The researchers assigned the participants to one of three different conditions:
- Traditional continuous exercise: 30 minutes of moderate-intensity walking (60% max. heart rate), before dinner).
- Walking snacks: 6 x 1-minute intense walking intervals (90% max. heart rate), interspersed with 1 minute of slow walking, 30 minutes before each meal.
- Walking + resistance snacks: combining 6×1 min intervals which alternated between walking and a resistance-band exercise, again with 1-minute recoveries, 30 minutes before each meal.
12-minute exercise sessions could improve insulin sensitivity
The exercise snack protocol only took around 12 minutes to complete (in contrast with traditional continuous protocol, which took 30 minutes).

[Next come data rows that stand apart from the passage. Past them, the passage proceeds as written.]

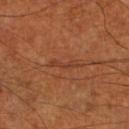<case>
  <biopsy_status>not biopsied; imaged during a skin examination</biopsy_status>
  <automated_metrics>
    <eccentricity>0.95</eccentricity>
    <shape_asymmetry>0.5</shape_asymmetry>
    <cielab_L>38</cielab_L>
    <cielab_a>24</cielab_a>
    <cielab_b>32</cielab_b>
    <vs_skin_darker_L>6.0</vs_skin_darker_L>
    <vs_skin_contrast_norm>5.0</vs_skin_contrast_norm>
  </automated_metrics>
  <image>
    <source>total-body photography crop</source>
    <field_of_view_mm>15</field_of_view_mm>
  </image>
  <lesion_size>
    <long_diameter_mm_approx>3.5</long_diameter_mm_approx>
  </lesion_size>
  <site>leg</site>
  <lighting>cross-polarized</lighting>
  <patient>
    <sex>male</sex>
    <age_approx>70</age_approx>
  </patient>
</case>
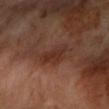Impression: Imaged during a routine full-body skin examination; the lesion was not biopsied and no histopathology is available. Image and clinical context: This is a cross-polarized tile. Cropped from a whole-body photographic skin survey; the tile spans about 15 mm. Located on the left forearm. The recorded lesion diameter is about 3.5 mm. A female subject, approximately 60 years of age.
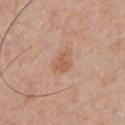Case summary:
– notes · catalogued during a skin exam; not biopsied
– subject · male, aged around 60
– diameter · ~3 mm (longest diameter)
– acquisition · ~15 mm tile from a whole-body skin photo
– body site · the chest
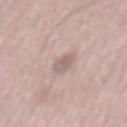Impression: The lesion was tiled from a total-body skin photograph and was not biopsied.
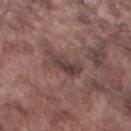{"biopsy_status": "not biopsied; imaged during a skin examination", "site": "left thigh", "lighting": "white-light", "image": {"source": "total-body photography crop", "field_of_view_mm": 15}, "patient": {"sex": "male", "age_approx": 75}, "lesion_size": {"long_diameter_mm_approx": 4.0}}
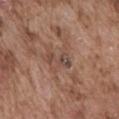* follow-up — no biopsy performed (imaged during a skin exam)
* subject — male, about 75 years old
* automated metrics — a lesion color around L≈46 a*≈17 b*≈24 in CIELAB and about 8 CIELAB-L* units darker than the surrounding skin; border irregularity of about 5.5 on a 0–10 scale, a color-variation rating of about 4/10, and radial color variation of about 1.5; a nevus-likeness score of about 0/100
* location — the abdomen
* image source — 15 mm crop, total-body photography
* lesion size — ≈3.5 mm
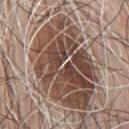notes = total-body-photography surveillance lesion; no biopsy | subject = male, about 65 years old | image = 15 mm crop, total-body photography | anatomic site = the chest.
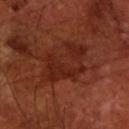Part of a total-body skin-imaging series; this lesion was reviewed on a skin check and was not flagged for biopsy.
The subject is a male aged approximately 70.
Cropped from a whole-body photographic skin survey; the tile spans about 15 mm.
The total-body-photography lesion software estimated a mean CIELAB color near L≈25 a*≈26 b*≈28, a lesion–skin lightness drop of about 6, and a lesion-to-skin contrast of about 6.5 (normalized; higher = more distinct). It also reported a classifier nevus-likeness of about 0/100.
From the front of the torso.
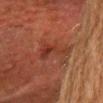* TBP lesion metrics: a mean CIELAB color near L≈29 a*≈23 b*≈26, about 6 CIELAB-L* units darker than the surrounding skin, and a normalized lesion–skin contrast near 7; a border-irregularity index near 6.5/10, internal color variation of about 2 on a 0–10 scale, and a peripheral color-asymmetry measure near 0.5; a classifier nevus-likeness of about 0/100
* illumination: cross-polarized
* location: the head or neck
* patient: male, in their mid-60s
* size: ≈4.5 mm
* acquisition: ~15 mm tile from a whole-body skin photo
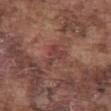| feature | finding |
|---|---|
| notes | catalogued during a skin exam; not biopsied |
| lesion size | about 3.5 mm |
| illumination | white-light |
| site | the abdomen |
| TBP lesion metrics | a shape eccentricity near 0.7 and a shape-asymmetry score of about 0.65 (0 = symmetric); an average lesion color of about L≈41 a*≈23 b*≈23 (CIELAB), a lesion–skin lightness drop of about 6, and a normalized lesion–skin contrast near 5.5; a border-irregularity index near 7/10, internal color variation of about 1.5 on a 0–10 scale, and radial color variation of about 0.5; a nevus-likeness score of about 0/100 and a lesion-detection confidence of about 80/100 |
| subject | male, about 75 years old |
| image | ~15 mm crop, total-body skin-cancer survey |
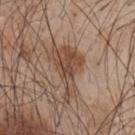Captured under white-light illumination. A male subject aged approximately 45. This image is a 15 mm lesion crop taken from a total-body photograph. Measured at roughly 6.5 mm in maximum diameter. From the mid back.
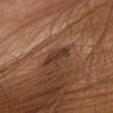Part of a total-body skin-imaging series; this lesion was reviewed on a skin check and was not flagged for biopsy. Approximately 3.5 mm at its widest. From the head or neck. A female subject roughly 50 years of age. An algorithmic analysis of the crop reported a border-irregularity index near 3.5/10, a within-lesion color-variation index near 1.5/10, and a peripheral color-asymmetry measure near 0.5. And it measured a classifier nevus-likeness of about 0/100 and a detector confidence of about 70 out of 100 that the crop contains a lesion. The tile uses cross-polarized illumination. A 15 mm crop from a total-body photograph taken for skin-cancer surveillance.
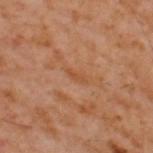Findings:
– biopsy status · no biopsy performed (imaged during a skin exam)
– patient · male, aged 58 to 62
– image-analysis metrics · a lesion area of about 2.5 mm², an eccentricity of roughly 0.9, and two-axis asymmetry of about 0.25; an average lesion color of about L≈47 a*≈22 b*≈35 (CIELAB), roughly 5 lightness units darker than nearby skin, and a normalized lesion–skin contrast near 5; border irregularity of about 3 on a 0–10 scale, a color-variation rating of about 0/10, and peripheral color asymmetry of about 0; an automated nevus-likeness rating near 0 out of 100 and a lesion-detection confidence of about 95/100
– site · the upper back
– illumination · cross-polarized illumination
– image · ~15 mm crop, total-body skin-cancer survey

Despite taking less than half the time, the exercise snacks reduced 24 hour mean blood glucose concentration (an indication of insulin sensitivity) to a greater extent than the continuous protocol.

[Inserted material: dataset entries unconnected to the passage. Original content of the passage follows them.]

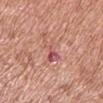Impression:
Captured during whole-body skin photography for melanoma surveillance; the lesion was not biopsied.
Background:
A 15 mm close-up tile from a total-body photography series done for melanoma screening. Approximately 4 mm at its widest. The patient is a male aged approximately 65. Located on the left upper arm. The tile uses white-light illumination.
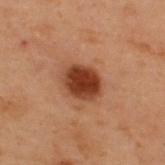{
  "biopsy_status": "not biopsied; imaged during a skin examination",
  "patient": {
    "sex": "male",
    "age_approx": 55
  },
  "lighting": "cross-polarized",
  "site": "back",
  "automated_metrics": {
    "area_mm2_approx": 9.0,
    "eccentricity": 0.6,
    "shape_asymmetry": 0.1,
    "cielab_L": 31,
    "cielab_a": 23,
    "cielab_b": 28,
    "vs_skin_darker_L": 14.0,
    "vs_skin_contrast_norm": 12.5,
    "nevus_likeness_0_100": 100,
    "lesion_detection_confidence_0_100": 100
  },
  "image": {
    "source": "total-body photography crop",
    "field_of_view_mm": 15
  }
}
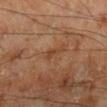Assessment:
No biopsy was performed on this lesion — it was imaged during a full skin examination and was not determined to be concerning.
Context:
The recorded lesion diameter is about 2.5 mm. A 15 mm close-up tile from a total-body photography series done for melanoma screening. From the right lower leg. The subject is a male aged 68 to 72. The tile uses cross-polarized illumination. The total-body-photography lesion software estimated an area of roughly 3 mm², an eccentricity of roughly 0.85, and a shape-asymmetry score of about 0.45 (0 = symmetric). The software also gave a mean CIELAB color near L≈42 a*≈21 b*≈33, about 6 CIELAB-L* units darker than the surrounding skin, and a normalized lesion–skin contrast near 5. It also reported a nevus-likeness score of about 0/100 and lesion-presence confidence of about 100/100.
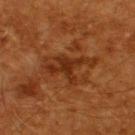| feature | finding |
|---|---|
| workup | catalogued during a skin exam; not biopsied |
| subject | male, approximately 60 years of age |
| location | the upper back |
| diameter | ~6.5 mm (longest diameter) |
| image source | ~15 mm tile from a whole-body skin photo |
| tile lighting | cross-polarized |
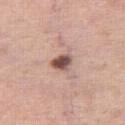biopsy status = total-body-photography surveillance lesion; no biopsy | patient = female, roughly 50 years of age | acquisition = ~15 mm crop, total-body skin-cancer survey | location = the right thigh | tile lighting = white-light.
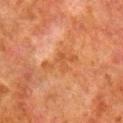Q: Was a biopsy performed?
A: no biopsy performed (imaged during a skin exam)
Q: Automated lesion metrics?
A: an area of roughly 7 mm² and two-axis asymmetry of about 0.45; a normalized lesion–skin contrast near 5.5; border irregularity of about 7 on a 0–10 scale, internal color variation of about 2 on a 0–10 scale, and peripheral color asymmetry of about 0.5; a nevus-likeness score of about 0/100 and lesion-presence confidence of about 95/100
Q: How was the tile lit?
A: cross-polarized
Q: How was this image acquired?
A: 15 mm crop, total-body photography
Q: Who is the patient?
A: male, aged 78 to 82
Q: Where on the body is the lesion?
A: the right lower leg
Q: What is the lesion's diameter?
A: ~5 mm (longest diameter)
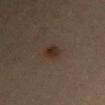biopsy status: catalogued during a skin exam; not biopsied
site: the right upper arm
acquisition: ~15 mm tile from a whole-body skin photo
patient: male, aged 33–37
lighting: cross-polarized
automated lesion analysis: an area of roughly 3.5 mm², a shape eccentricity near 0.8, and a shape-asymmetry score of about 0.2 (0 = symmetric); a border-irregularity rating of about 2/10, a color-variation rating of about 3.5/10, and radial color variation of about 1.5; a detector confidence of about 100 out of 100 that the crop contains a lesion
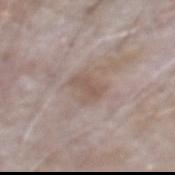Recorded during total-body skin imaging; not selected for excision or biopsy.
A 15 mm close-up tile from a total-body photography series done for melanoma screening.
The subject is a male aged around 65.
On the abdomen.
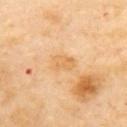  biopsy_status: not biopsied; imaged during a skin examination
  lesion_size:
    long_diameter_mm_approx: 3.0
  patient:
    sex: female
    age_approx: 60
  lighting: cross-polarized
  site: upper back
  automated_metrics:
    cielab_L: 70
    cielab_a: 20
    cielab_b: 45
    vs_skin_darker_L: 7.0
  image:
    source: total-body photography crop
    field_of_view_mm: 15
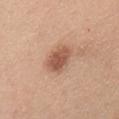Notes:
- biopsy status — no biopsy performed (imaged during a skin exam)
- lesion size — ≈4 mm
- image — 15 mm crop, total-body photography
- site — the chest
- image-analysis metrics — an area of roughly 8.5 mm²; a border-irregularity rating of about 2/10, a color-variation rating of about 3/10, and a peripheral color-asymmetry measure near 1; a nevus-likeness score of about 90/100 and lesion-presence confidence of about 100/100
- subject — female, aged around 45
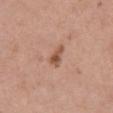Q: Was this lesion biopsied?
A: imaged on a skin check; not biopsied
Q: Patient demographics?
A: female, aged 58–62
Q: What lighting was used for the tile?
A: white-light illumination
Q: What did automated image analysis measure?
A: a lesion area of about 3.5 mm² and an outline eccentricity of about 0.85 (0 = round, 1 = elongated); an average lesion color of about L≈53 a*≈22 b*≈30 (CIELAB) and about 11 CIELAB-L* units darker than the surrounding skin; a border-irregularity rating of about 4/10, a color-variation rating of about 3/10, and peripheral color asymmetry of about 1; a nevus-likeness score of about 65/100 and lesion-presence confidence of about 100/100
Q: Lesion location?
A: the abdomen
Q: What is the lesion's diameter?
A: about 3 mm
Q: What is the imaging modality?
A: ~15 mm crop, total-body skin-cancer survey
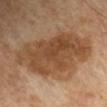The lesion was photographed on a routine skin check and not biopsied; there is no pathology result. A male patient about 60 years old. A close-up tile cropped from a whole-body skin photograph, about 15 mm across. From the right upper arm. Captured under cross-polarized illumination.

The authors concluded that brief, intense exercise snacks, before main meals, are a time-efficient and effective means to improve blood sugar control in individuals with insulin resistance.
What about healthy people?
For people who are insulin resistant, these findings should provide an incentive to get active during the day, particularly before mealtimes, even if this is just for a short period. But what about healthy people?
In 2019, another group of researchers investigated the effects of exercise snacks, but this time in a group of sedentary, but otherwise healthy young people (2). The premise of the study was that, even though we know that regular physical activity increases health and fitness, many people still do not exercise regularly. Most people report that they “don’t have enough time”. The researchers investigated whether quickly climbing a few flights of stairs each day would be sufficient to improve fitness, relative to a control group who maintained their sedentary lifestyle. The researchers measured VO2 max. to determine measure starting fitness-level and any changes that were associated with the training programme.
Why VO2 max. is so important
VO2 max. represents the body’s ability to take up and use oxygen, and it’s also a powerful predictor of a range of health outcomes. Basically, the more you can increase your VO2 max. while you are young, and the better you can maintain it as you get older, the longer you are likely to live, and the healthier you will likely be in old age. A study based on VO2 max. measures across age groups illustrated this quite elegantly. The graph below, which is reproduced from the study, describes how VO2 max values can predict the point at which someone is likely to cease to be independent, in later life.
In the exercise snack study among healthy people; the ‘intervention group’ was given an exercise snack programme, for six weeks. The plan was quite simple. The participants had to climb 3 flights of stairs (60 steps), at hard intensity, then take a 2-minute recovery. This equated to around 20 seconds of hard effort, as they quickly climbed the stairs, followed by 2 minutes of recovery, as they walked slowly back down, repeated three times. Three days each week, they repeated this exercise 3 times per day, with 1-4 hour breaks in-between each exercise. This resulted in around ~10 minutes of exercise on each of the three days.
Climbing the stairs a few times a day could make a measurable difference
After 6 weeks the exercise programme resulted in a 5% increase in VO2 max. values. While this improvement is small, it could still be meaningful, and it’s encouraging to see that measurable improvements in VO2 max. appear to be possible, even with the very low-volume programme that most people could fit into their day.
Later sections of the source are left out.